Residents who oppose artificial turf at the historic Schedler property in Ridgewood are part of a growing wave of opposition to synthetic turf in the state. Julian Leshay | For NJ Advance Media


By Jackie Roman | NJ Advance Media for

On a hot summer morning, a dozen residents of Scotch Plains gathered under tall shade trees near a pavilion and picnic area in the largest preserved green space in their town — Brookside Park.

The brook that gave the lush park its name winds through the area near a baseball and softball field surrounded by green grass and towering trees.

But, on this morning the residents are gathered in the Union County park to speak out about a plan that could soon replace some of the natural field with plastic grass blades and rubber infill under a $3.8 million bond ordinance that would convert the baseball field to artificial turf.

“When I first heard about the project, I was like, huh, that seems a little strange — just because I know the specifics of this park and the natural beauty of it,” said Scotch Plains resident Ivy Kesller.

“This is the park they use for summer camp.
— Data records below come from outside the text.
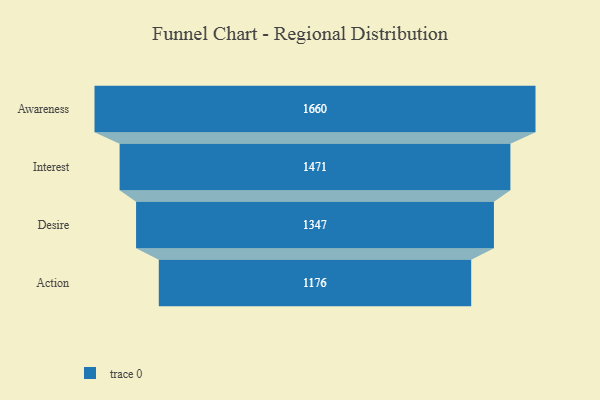
{"axis": {"x": "Stage", "y": "Value"}, "legend": [""], "data": [{"x": "Awareness", "y": 1660.0, "type": ""}, {"x": "Interest", "y": 1471.0, "type": ""}, {"x": "Desire", "y": 1347.0, "type": ""}, {"x": "Action", "y": 1176.0, "type": ""}]}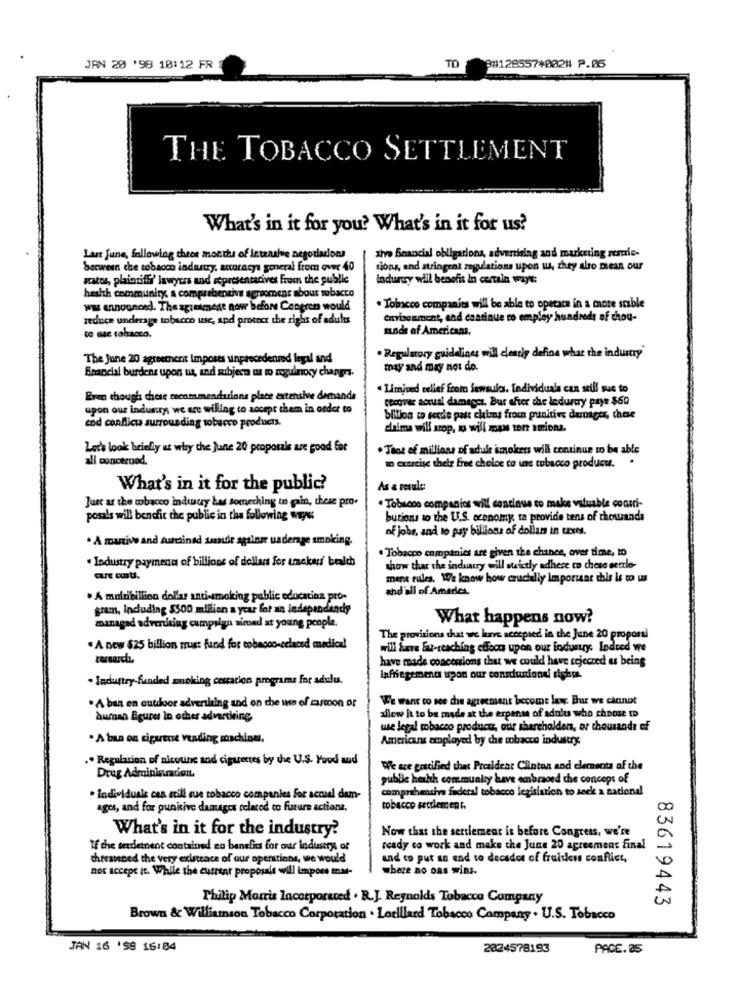
TO
JAN 20 '98 18:12 FR
8#128557+002# P.05
THE TOBACCO SETTLEMENT
What's in it for you? What's in it for us?
ahvo Boancial obligariona, advertising and marketing resurle-
Laur fune, following three months of intensive negotiations
between the tobacco industry, accoracya general from over 40
tions, and stringent regulations upon us, they also mean our
aratos, plaintiffi' lawyers and representatives from the public
Indurry will benefit in certain ways:
health community, a comprehensive agromens abour mubacco
ww announced. The agresmene now Sefont Congren would
* Toincco companies will be able to operace in a more stable
reduce underage tobacco use, and proter the right of adults
environment, and continue to employ hundreds of chou-
sunde of Americans,
to me tabacco.
The June 20 agreement Imposes unprecedented legal and
. Regulatory guidelines will clearly define what the industry'
may and may not do.
Bnancial burdens upon us, and subject mu mo aguinocy changes.
. Limited relief from fewsulos. Todividuals can still sus to
Eren though chese meammendarians place extensive demande
recover actual damager. But after che leduray paye $60
upon our industry, we are willing to accept them in order to
cod conflict surrounding tobacco products.
biition to sertle past claims from punitive dertages, these
daima will stop, mo will man tone ations.
Let's look briefly at why the Jane 20 proporals are good for
. That of millions of adule ismokers will continue to be able
all concerned.
m exercise their free choice to une tobacco producu.
What's in it for the public?
As & resale
Just as the wobacco industry has something in pain, these pro.
· Tobacco companies will continue to make valuable consci-
posals will benefit the public in the following ways
butions to the U.S. economy ta provide tens of thousands
of jobs, and to pay billions of dollars in taxes.
. A mutive and sundinsd saande againme underage smoking.
. Tobacco companies are given the chance, over time, to
. Industry payment of billions of dollars for unckasi' bealth
show that the industry will strictly adhere to these settle-
mens eules. We know how crucially important this is to us
and'all of America,
. A multibillion dollar anti-smoking public education pro-
gram, including $500 million a year for an independandy
managad advertising campaign aimed at young people.
What happens now?
The provisions that we have accepted in the June 20 proposti
. A new $25 billion trust fund for cobaooo-celaced medical
will have fu-reaching cfloon upon our industry Indeed we
have made concessions that we could have rejected es being
· Industry-funded smoking cessation programe for adulu.
Infringement upon our consdunione! siphon.
We want to see che agreement become law. But we cannot
. A ban en outdoor advertising and on the use of cartoon of
human figures in oches advertising
allow ht to be made at the expense of adolu who choose to
use legal mbacco products, our shareholder, or thousands of
· A ban on cigarenie vending machines.
Americans employed by che tobacco industry.
.. Regulation of nicotine and cigarettes by the U.S. Food and
We sce gocified that President Clinton and clemnecta af the
Drug Administration
public health communlty have embraced the concept of
comprehensive faderal tobacco legislation to seek a nadienal
· individuale cen still sue tobacco companies for actual dem-
agos, and for punitive damages celacod co fuzure actione.
tobacco settlement.
What's in it for the industry?
Now that the sertlement is before Congress, we're
If che serdetnent contained no benefits for our industry of
ready to work and make the June 20 agreement final
threatened the very existence of our operations, we would
and to put an end to decades of fruidens conflict,
not accept it. While the current proposals will impose mar-
where no oas wins.
Philip Morris lacorporaced . R.J. Reynolds Tobacco Company
83619443
Brown & Williamson Tobacco Corporation . Lorillard Tobacco Company . U.S. Tobacco
JAN 16 '99 16:04
2024578193
PACE.05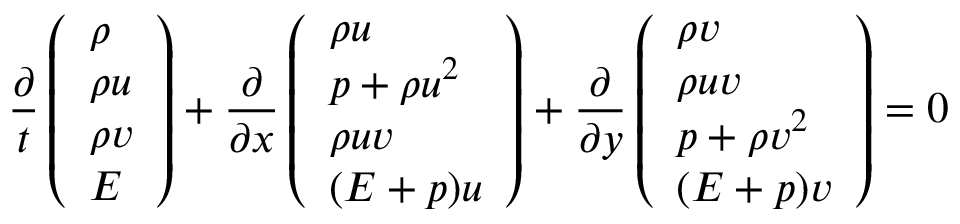
\frac { \partial } { t } \left( \begin{array} { l } { \rho } \\ { \rho u } \\ { \rho v } \\ { E } \end{array} \right) + \frac { \partial } { \partial x } \left( \begin{array} { l } { \rho u } \\ { p + \rho u ^ { 2 } } \\ { \rho u v } \\ { ( E + p ) u } \end{array} \right) + \frac { \partial } { \partial y } \left( \begin{array} { l } { \rho v } \\ { \rho u v } \\ { p + \rho v ^ { 2 } } \\ { ( E + p ) v } \end{array} \right) = 0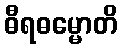
ဓီရဓမ္မောတိ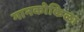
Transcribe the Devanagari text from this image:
गानकोकिळा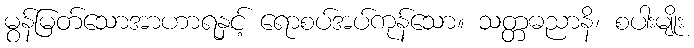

This is the park that they hold Earth Day at. It just seemed odd to put artificial turf there,” she added.

The Friends of Brookside Park group collected more than 2,000 signatures calling for a referendum on the artificial turf project after it was approved by local officials. Scotch Plains voters will decide whether to move ahead with the bond ordinance that would pay for the project in a ballot question in November.

The showdown in Scotch Plains is one of several fights over artificial turf being waged across New Jersey as some residents raise concerns about the environmental, health and safety costs of ripping out natural grass and replacing it with artificial fields.

Maplewood residents successfully petitioned in 2021 to put a $1.8 million bond ordinance for artificial turf at DeHart Park in Essex County up to vote. The project was ultimately defeated at the polls.

The Princeton Academy of the Sacred Heart, a private school for boys in grades K-8 in Mercer County, withdrew its proposal to replace grass playing fields with artificial turf in 2021 after some residents objected to the environmental impact of synthetic fields and other issues with the project.

More recently, members of the Citizens for Responsible Athletic Field Development in Westfield protested an $11.8 million bond ordinance that would fund the installation of an artificial turf field at the Edison Intermediate School.

Following in the footsteps of Maplewood and Scotch Plains, the group collected more than 2,800 signatures on a petition calling for the bond ordinance to be brought to a public vote. The Westfield project will go before voters in November.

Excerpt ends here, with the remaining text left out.